Dataset entries:
::::
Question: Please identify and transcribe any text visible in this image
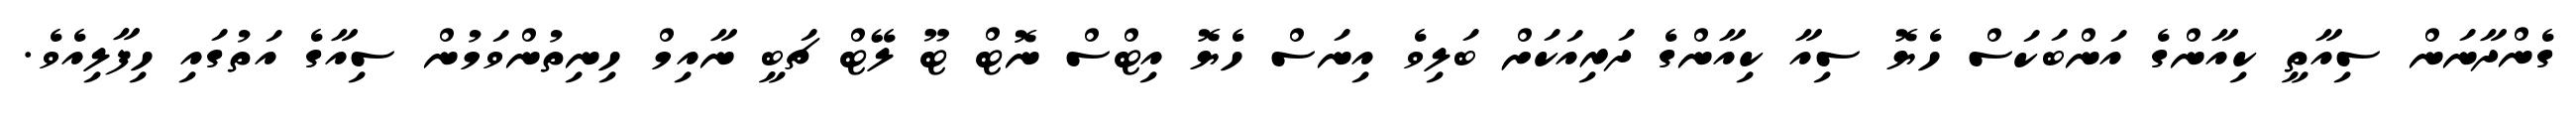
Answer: ގެންދާނަން ސިއާތީ ކިއާންގެ އަންބަކަސް ހެޔޮ ސިއާ ކިއާންގެ ދަރިއަކަށް ބަލިވެ އިނަސް ހެޔޮ އިޓްސް ނޮޓް ޓޫ ލޭޓް ޗަބީ ނާއިމް ހިނިތުންވަމުން ސިއާގެ އަތުގައި ހިފާލިއެވެ.
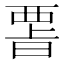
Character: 𭦪
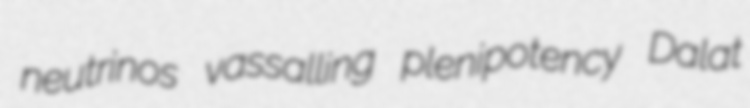
neutrinos vassalling plenipotency Dalat
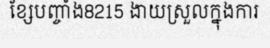
ខ្សែបញ្ចាំង8215 ងាយស្រួលក្នុងការ
::::
§ **Task details**
A faithful, word-for-word version of the records above is needed, with no images in it.

§ **Solution to the problem**
Question: Please identify and transcribe any text visible in this image
Answer: ގެންދާނަން ސިއާތީ ކިއާންގެ އަންބަކަސް ހެޔޮ ސިއާ ކިއާންގެ ދަރިއަކަށް ބަލިވެ އިނަސް ހެޔޮ އިޓްސް ނޮޓް ޓޫ ލޭޓް ޗަބީ ނާއިމް ހިނިތުންވަމުން ސިއާގެ އަތުގައި ހިފާލިއެވެ.
Character: 𭦪
neutrinos vassalling plenipotency Dalat
ខ្សែបញ្ចាំង8215 ងាយស្រួលក្នុងការ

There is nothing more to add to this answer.